One such innovation is the New York Harbor School, of which Waterkeeper Alliance is proud to be a founding partner. It is a New York public high school in which students learn about their harbor by being its stewards. They have, for example, launched the remarkable Billion Oyster Project, with the intention of introducing that many oysters in the city’s bays and rivers by 2035. I hope that one day my children and their children will be able to pluck an oyster out of the harbor and be proud that their father’s or grandfather’s friends helped restore the legendary New York oyster to glory. In the meantime, these wondrous bivalves can play a major role in cleaning up New York Harbor – each oyster can filter five liters of water an hour, and it is predicted that a billion of them could filter the entire harbor in just three days.

Whether it’s a group of fishermen fighting for a river they depend on for their livelihood, a group of school kids that use a harbor to open their minds to new possibilities, or a group of citizens that stands up for their rights in the face of immense adversity, we all have stakes in our waterways.

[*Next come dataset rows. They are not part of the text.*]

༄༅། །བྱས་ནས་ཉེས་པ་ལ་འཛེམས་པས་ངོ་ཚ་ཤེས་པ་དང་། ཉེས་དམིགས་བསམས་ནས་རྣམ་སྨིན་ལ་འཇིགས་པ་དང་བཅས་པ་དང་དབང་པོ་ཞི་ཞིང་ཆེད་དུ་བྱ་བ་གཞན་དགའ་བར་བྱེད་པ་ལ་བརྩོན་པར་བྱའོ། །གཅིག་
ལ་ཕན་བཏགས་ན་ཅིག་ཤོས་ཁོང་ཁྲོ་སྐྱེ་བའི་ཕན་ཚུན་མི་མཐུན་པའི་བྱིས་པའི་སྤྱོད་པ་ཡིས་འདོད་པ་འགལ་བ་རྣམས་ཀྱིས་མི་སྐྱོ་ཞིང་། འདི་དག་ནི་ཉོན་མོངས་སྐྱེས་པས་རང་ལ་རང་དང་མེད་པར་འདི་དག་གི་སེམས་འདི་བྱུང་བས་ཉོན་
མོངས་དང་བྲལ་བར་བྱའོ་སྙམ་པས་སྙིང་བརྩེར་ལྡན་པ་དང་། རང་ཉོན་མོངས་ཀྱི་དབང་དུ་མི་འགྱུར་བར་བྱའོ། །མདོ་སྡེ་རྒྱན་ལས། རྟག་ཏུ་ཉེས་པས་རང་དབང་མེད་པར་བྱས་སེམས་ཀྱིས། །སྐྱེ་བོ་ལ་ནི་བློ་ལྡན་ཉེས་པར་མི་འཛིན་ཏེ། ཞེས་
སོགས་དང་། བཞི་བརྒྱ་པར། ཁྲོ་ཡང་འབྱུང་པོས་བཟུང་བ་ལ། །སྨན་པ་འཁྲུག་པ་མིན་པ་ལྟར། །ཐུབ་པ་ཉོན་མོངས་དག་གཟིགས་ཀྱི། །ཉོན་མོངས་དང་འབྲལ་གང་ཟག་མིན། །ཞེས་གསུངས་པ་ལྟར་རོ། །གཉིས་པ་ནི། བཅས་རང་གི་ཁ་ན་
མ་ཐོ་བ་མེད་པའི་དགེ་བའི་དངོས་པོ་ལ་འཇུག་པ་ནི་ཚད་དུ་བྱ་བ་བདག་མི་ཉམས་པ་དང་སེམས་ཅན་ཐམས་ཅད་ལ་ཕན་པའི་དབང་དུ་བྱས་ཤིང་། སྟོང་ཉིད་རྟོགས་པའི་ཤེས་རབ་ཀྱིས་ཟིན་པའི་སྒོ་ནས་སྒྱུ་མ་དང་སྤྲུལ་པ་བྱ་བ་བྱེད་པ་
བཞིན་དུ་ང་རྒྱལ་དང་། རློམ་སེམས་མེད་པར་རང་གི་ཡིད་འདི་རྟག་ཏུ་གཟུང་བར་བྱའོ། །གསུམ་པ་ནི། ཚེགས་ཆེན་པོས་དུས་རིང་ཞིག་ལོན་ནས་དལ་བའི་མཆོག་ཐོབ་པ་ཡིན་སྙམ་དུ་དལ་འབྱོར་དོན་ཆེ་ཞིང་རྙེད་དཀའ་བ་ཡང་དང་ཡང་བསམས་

At the half-century mark of this incredible movement, Waterkeepers are on the water every day patrolling and protecting nearly 2.5 million square miles of watersheds across the world, in Canada, China, India, Nepal, Bangladesh, Kenya, Iraq, Togo, Russia, the United Kingdom, Sweden, Australia, South America and elsewhere. They come from vastly diverse backgrounds, cultures, religions, political and legal systems, but they are united in their fight for a world in which everyone can go to his or her local waterway and fill up a glass without fear of drinking toxic chemicals, or jump in and swim without fear of getting sick, or catch a fish and eat it with their family without fear that it is contaminated with mercury or PCBs. I truly believe that I will see that world, because I know how much we’ve accomplished since this movement began. We will accomplish much, much more in the 50 years ahead.